Rosemary potatoes are relatively moderate in calories at 160 calories per 100g serving, and they provide decent fiber and protein to support satiety. However, the 6g of fat per serving is primarily from olive oil, which while nutritious, does add caloric density—so portion control matters if you're tracking calories closely.
Is Rosemary Potatoes heart-healthy?
These potatoes are prepared with heart-friendly extra virgin olive oil and contain no saturated fat to speak of, which is favorable for cardiovascular health. The potassium (190mg) also supports healthy blood pressure, though the sodium level does work against heart health benefits.
How does Rosemary Potatoes fit a low-sodium diet?
At 410mg of sodium per 99g serving, rosemary potatoes are too high in sodium for a strict low-sodium diet. If you want to enjoy them, you'd need to account for this as a significant portion of your daily sodium allowance.
What diets does Rosemary Potatoes suit?
Rosemary potatoes work well for vegetarian, vegan, and Mediterranean diets, thanks to the olive oil and herbs. They're also suitable for most balanced whole-food diets, though those focusing on very low-carb or keto approaches would need to limit portions due to the 18g carbohydrates per serving.
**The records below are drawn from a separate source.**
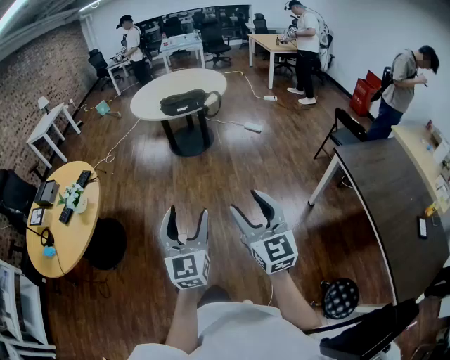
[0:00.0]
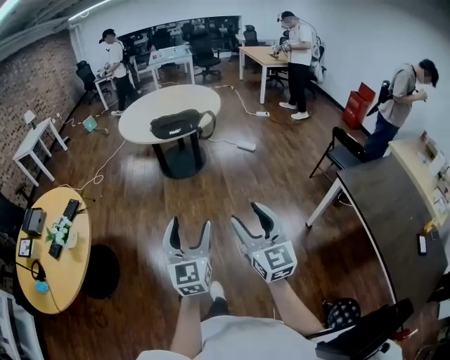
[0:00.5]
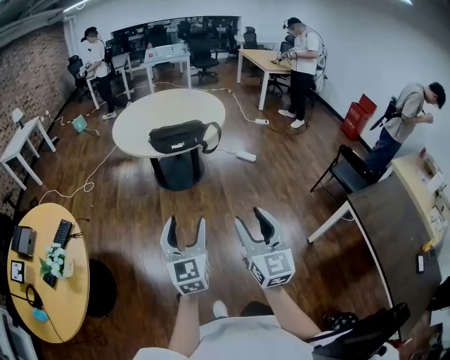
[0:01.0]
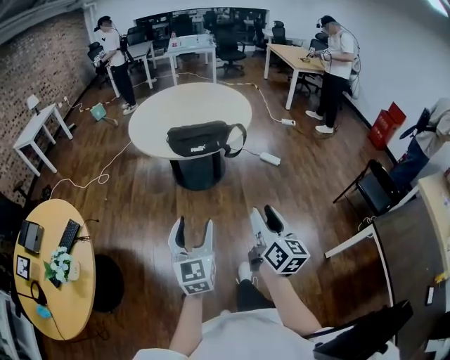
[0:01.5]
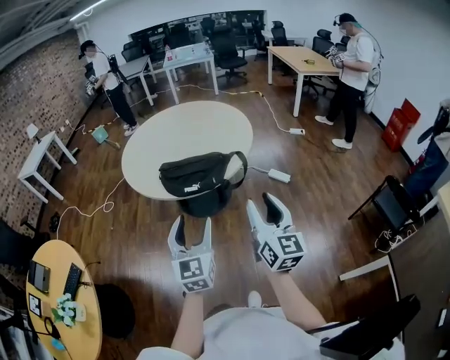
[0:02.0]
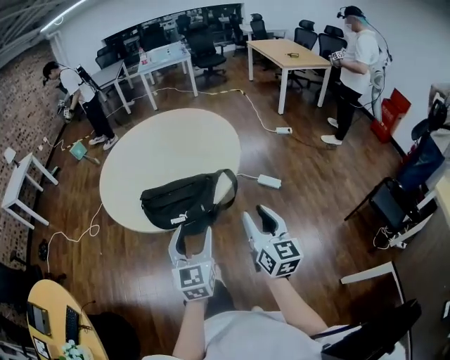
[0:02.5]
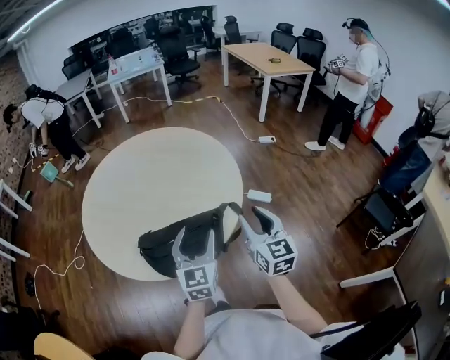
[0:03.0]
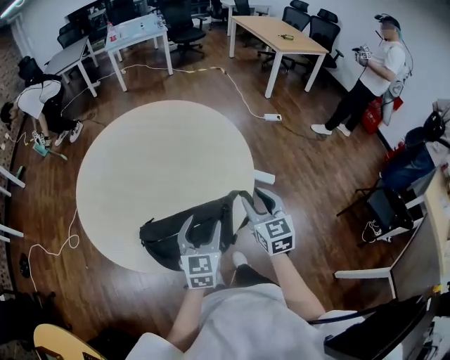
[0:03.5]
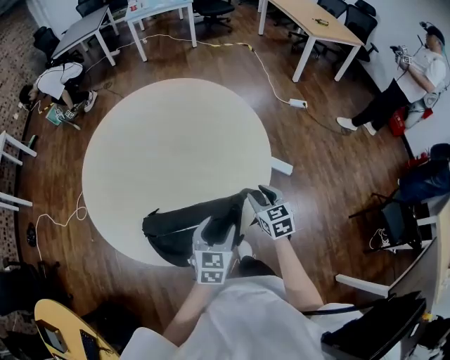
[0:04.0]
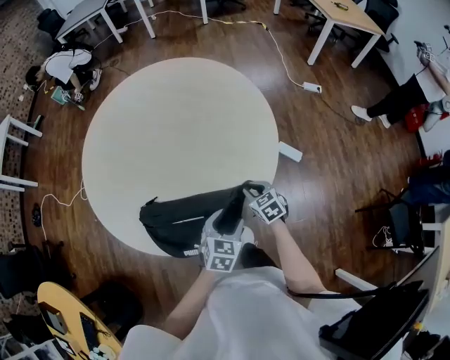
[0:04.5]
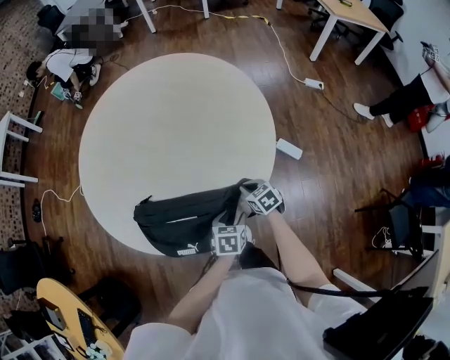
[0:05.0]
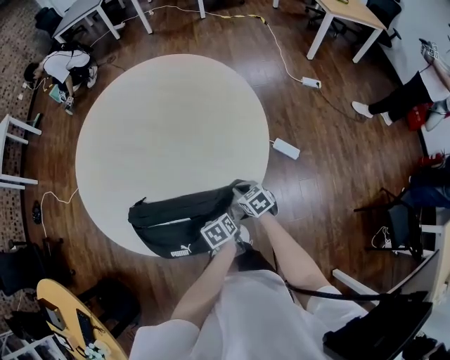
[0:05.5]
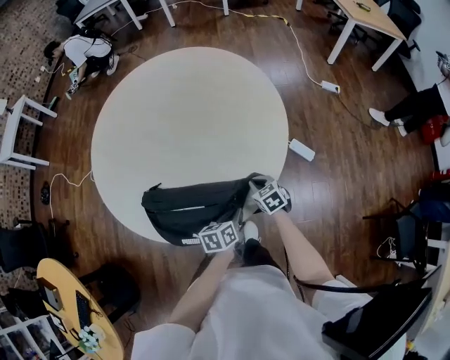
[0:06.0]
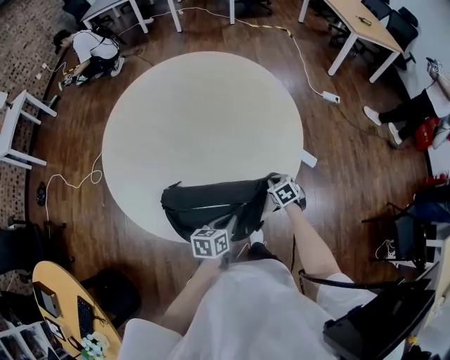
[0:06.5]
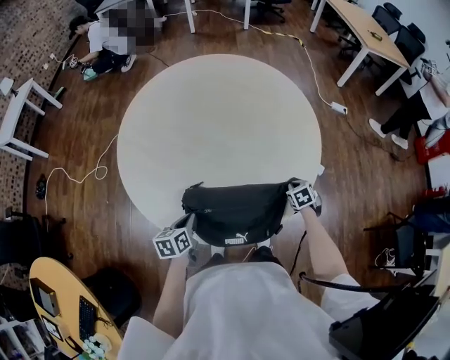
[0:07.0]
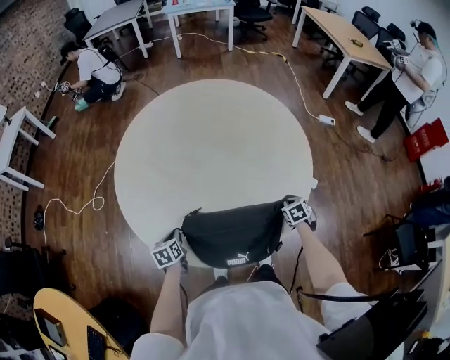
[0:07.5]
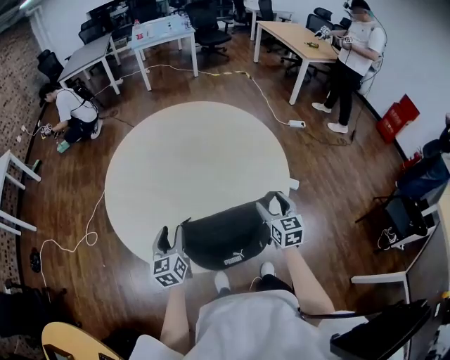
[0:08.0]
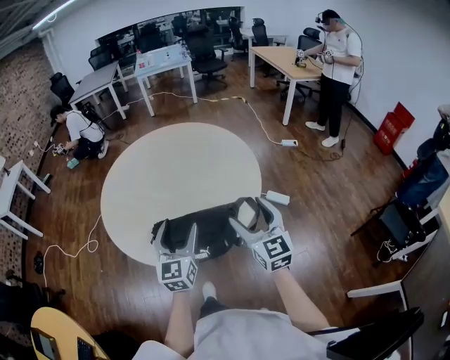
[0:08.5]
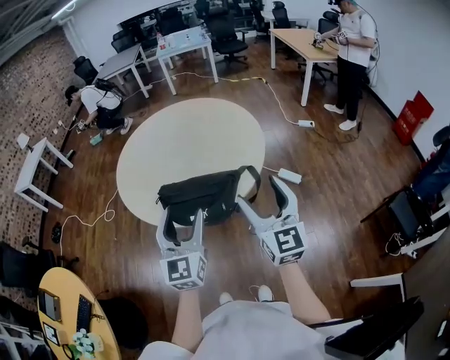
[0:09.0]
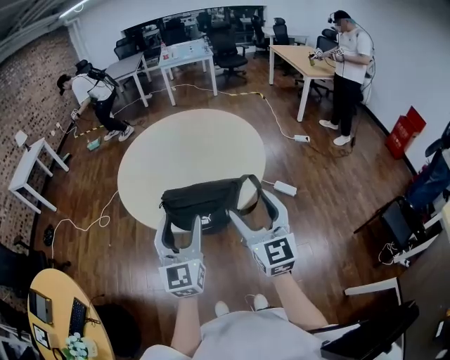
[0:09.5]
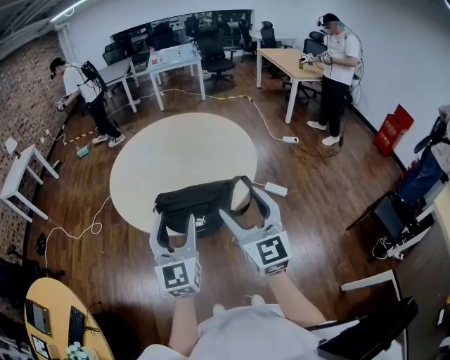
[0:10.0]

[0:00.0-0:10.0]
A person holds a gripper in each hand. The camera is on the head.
0:00.0 to 0:02.0: The two grippers travel together, forward, about 70 cm. The right gripper rotates about 20 degrees.
0:02.0 to 0:04.0: The two grippers travel together, forward, roughly 50 cm. The two grippers go some 20 cm downward. The right gripper points its fingers about 40 degrees further downward; the left gripper swivels approximately 40 degrees.
0:04.0 to 0:06.0: The left gripper shifts about 15 cm downward and to the right, rotates around the line of its fingers by roughly 50 degrees, counterclockwise from behind, and closes up, while the right gripper heads downward, covering about 15 cm, swivels approximately 30 degrees, and closes up.
0:06.0 to 0:08.0: The right gripper travels upward by roughly 20 cm, rotates some 40 degrees, and opens its fingers. Meanwhile the left gripper travels to the left and upward by about 40 cm, turns by approximately 40 degrees, and opens its fingers.
0:08.0 to 0:10.0: The left gripper shifts roughly 40 cm backward, upward and to the right, and turns by approximately 30 degrees; the right gripper heads backward and upward, covering about 40 cm, and swivels approximately 30 degrees.

What should I watch out for with Rosemary Potatoes?
The sodium content at 410mg per serving is moderately high, making up about 18% of the daily limit if you eat just one serving. If you're consuming these alongside other sodium-containing foods, you could easily exceed recommended intake for the day.
Nutrition Q&A answers are based on USDA nutritional data and are for general informational purposes only. They are not a substitute for professional dietary or medical advice.